The output contains one line for each but the last line of the input. If x is a positive integer contained in a line of the input, the line in the output will contain x – 1 in prime base representation. All numbers in the line are separated by one space. There is no line in the output corresponding to the last “null” line of the input.

样例输入:

17 1
5 1 2 1
509 1 59 1
0

样例输出:

2 4
3 2
13 1 11 1 7 1 5 1 3 1 2 1

解题代码:

import java.util.*;
import java.math.*;

public class Main {

	/**
	 * @param args
	 */
	static int pp;
	static int[] p = new int[30000];
	static int[] w = new int[30000];
	static boolean[] q = new boolean[35000];

	static void init() {
		int i;
		for (i = 2; i * i < 35000; i++) {
			if (q[i])
				continue;
			p[pp++] = i;
			for (int j = i * i; j < 35000; j += i)
				q[j] = true;
		}
		for (; i < 32768; i++)
			if (!q[i])
				p[pp++] = i;
	}

	public static void main(String[] args) {
		// TODO Auto-generated method stub
		init();
		Scanner in = new Scanner(System.in);
		String s;
		while (true) {
			s = in.nextLine();
			if (s.equals("0"))
				break;
			StringTokenizer aa = new StringTokenizer(s);
			BigInteger k = BigInteger.ONE;
			int a1, a2;
			while (aa.hasMoreTokens()) {
				a1 = Integer.parseInt(aa.nextToken());
				a2 = Integer.parseInt(aa.nextToken());
				for (int i = 0; i < a2; i++)
					k = k.multiply(BigInteger.valueOf(a1));
			}
			k=k.subtract(BigInteger.ONE);
			for (int i = pp - 1; i >= 0; --i) {
				w[i] = 0;
				while (k.mod(BigInteger.valueOf(p[i])).equals(BigInteger.ZERO)) {
					w[i]++;
					k = k.divide(BigInteger.valueOf(p[i]));
				}
				if (w[i] > 0)
					if (k.equals(BigInteger.ONE)) {
						System.out.println(p[i] + " " + w[i]);
						break;
					} else
						System.out.print(p[i] + " " + w[i] + " ");
			}
		}
	}

}

  1. Good task for the group. Hold it up for every yeara??s winner. This is a excellent oppotunity for a lot more enhancement.

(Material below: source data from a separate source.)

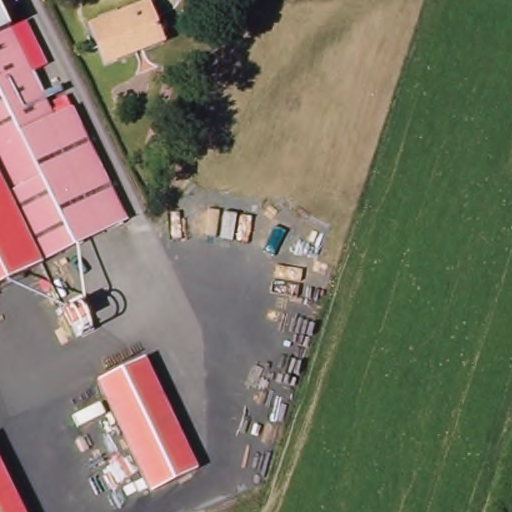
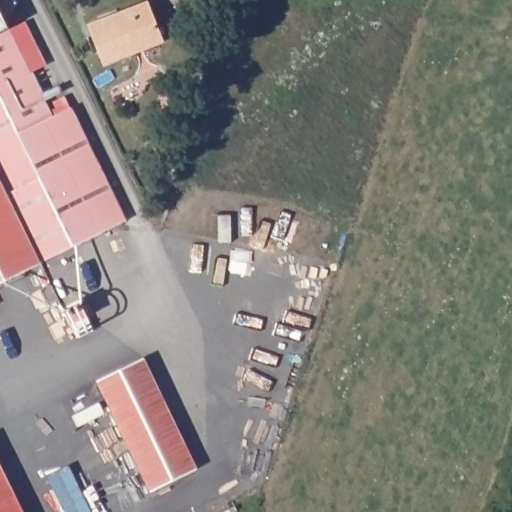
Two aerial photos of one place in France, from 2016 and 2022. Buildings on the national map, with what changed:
unchanged [(0,0),(12,0),(15,1),(6,21),(9,28),(25,21),(45,66),(35,71),(54,109),(70,102),(125,218),(42,263),(0,177),(0,0)]
unchanged [(147,0),(164,42),(106,65),(90,22),(147,0)]
unchanged [(0,283),(0,177),(42,263),(0,283)]
unchanged [(80,300),(89,315),(71,324),(64,308),(80,300)]
unchanged [(144,357),(197,467),(150,491),(95,382),(144,357)]
unchanged [(0,462),(24,512),(0,512),(0,462)]

Indeed, obtaining far better and much better is constantly the crucial. Just like my pal suggests on the truth about ab muscles, he just keeps obtaining much better.

  2. #include <stdio.h>
    int main()
    {
    int n,p,t[100]={1};
    for(int i=1;i<100;i++)
    t =i;
    while(scanf("%d",&n)&&n!=0){
    if(n==1)
    printf("Printing order for 1 pages:nSheet 1, front: Blank, 1n");
    else {
    if(n%4) p=n/4+1;
    else p=n/4;
    int q=4*p;
    printf("Printing order for %d pages:n",n);
    for(int i=0;i<p;i++){
    printf("Sheet %d, front: ",i+1);
    if(q>n) {printf("Blank, %dn",t[2*i+1]);}
    else {printf("%d, %dn",q,t[2*i+1]);}
    q–;//打印表前
    printf("Sheet %d, back : ",i+1);
    if(q>n) {printf("%d, Blankn",t[2*i+2]);}
    else {printf("%d, %dn",t[2*i+2],q);}
    q–;//打印表后
    }
    }
    }
    return 0;
    }

  3. 第二个方法挺不错。NewHead代表新的头节点,通过递归找到最后一个节点之后,就把这个节点赋给NewHead,然后一直返回返回,中途这个值是没有变化的,一边返回一边把相应的指针方向颠倒,最后结束时返回新的头节点到主函数。

  4. Good task for the group. Hold it up for every yeara??s winner. This is a excellent oppotunity for a lot more enhancement. Indeed, obtaining far better and much better is constantly the crucial. Just like my pal suggests on the truth about ab muscles, he just keeps obtaining much better.